Adviser Funds generally require the Investment Manager to provide advanced notice of its intent to redeem the Master Fund’s total or partial interest and may delay or deny a redemption request depending on the Adviser Funds’ governing agreements. Interests in the Master Fund provide limited liquidity since Limited Partners will not be able to redeem interests on a daily basis because the Master Fund is a closed-end fund. Therefore investment in the Master Fund is suitable only for investors who can bear the risks associated with the limited liquidity of interests and should be viewed as a long-term investment. No guarantee or representation is made that the investment objective will be met.
12. FINANCIAL HIGHLIGHTS
The financial highlights are intended to help an investor understand the Master Fund’s financial performance for the past period. The total returns in the table represent the rate that a typical Limited Partner would be expected to have earned or lost on an investment in the Master Fund.
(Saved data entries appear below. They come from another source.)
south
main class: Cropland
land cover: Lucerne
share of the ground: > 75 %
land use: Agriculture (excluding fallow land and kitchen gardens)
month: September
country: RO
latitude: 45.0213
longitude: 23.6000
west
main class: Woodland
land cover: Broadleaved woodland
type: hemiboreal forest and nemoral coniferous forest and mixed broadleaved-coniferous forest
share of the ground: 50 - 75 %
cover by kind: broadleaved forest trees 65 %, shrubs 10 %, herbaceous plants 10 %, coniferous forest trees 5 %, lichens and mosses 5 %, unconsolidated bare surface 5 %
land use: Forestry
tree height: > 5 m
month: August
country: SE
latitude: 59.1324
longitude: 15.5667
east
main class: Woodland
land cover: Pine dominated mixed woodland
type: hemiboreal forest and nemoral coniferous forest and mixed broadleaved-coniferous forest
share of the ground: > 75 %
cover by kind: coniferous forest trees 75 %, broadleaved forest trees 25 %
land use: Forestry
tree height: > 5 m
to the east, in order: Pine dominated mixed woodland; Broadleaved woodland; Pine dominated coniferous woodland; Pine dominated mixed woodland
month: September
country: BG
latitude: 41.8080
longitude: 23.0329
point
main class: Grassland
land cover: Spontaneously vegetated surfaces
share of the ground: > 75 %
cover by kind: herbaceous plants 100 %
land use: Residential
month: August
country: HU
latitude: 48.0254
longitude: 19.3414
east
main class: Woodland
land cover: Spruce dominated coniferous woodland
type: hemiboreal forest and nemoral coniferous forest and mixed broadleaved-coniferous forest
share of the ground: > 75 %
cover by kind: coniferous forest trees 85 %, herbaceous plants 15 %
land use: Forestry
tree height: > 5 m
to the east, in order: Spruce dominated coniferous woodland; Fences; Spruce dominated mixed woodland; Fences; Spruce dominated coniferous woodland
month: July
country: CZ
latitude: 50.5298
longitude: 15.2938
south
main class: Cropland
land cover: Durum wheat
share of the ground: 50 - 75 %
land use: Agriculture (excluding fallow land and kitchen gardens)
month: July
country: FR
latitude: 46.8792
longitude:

The ratios and total return amounts are calculated based on the Limited Partner group taken as a whole. An individual Limited Partner’s results may vary from those shown below due to the timing of capital transactions.
The ratios are calculated by dividing total dollars of net investment income or expenses, as applicable, by the average of total monthly Limited Partners’ capital. The ratios do not reflect the Master Fund’s proportionate share of income and expenses from Adviser Funds. The ratios are annualized for periods of less than a year.
SEVENTEEN
HATTERAS MASTER FUND, L.P. (A DELAWARE LIMITED PARTNERSHIP)
NOTES TO FINANCIAL STATEMENTS
September 30, 2009 (Unaudited) (concluded)
12. FINANCIAL HIGHLIGHTS (CONTINUED)
Total return amounts are calculated by geometrically linking returns based on the change in value during each accounting period. The total return amounts have not been annualized for periods of less than a year.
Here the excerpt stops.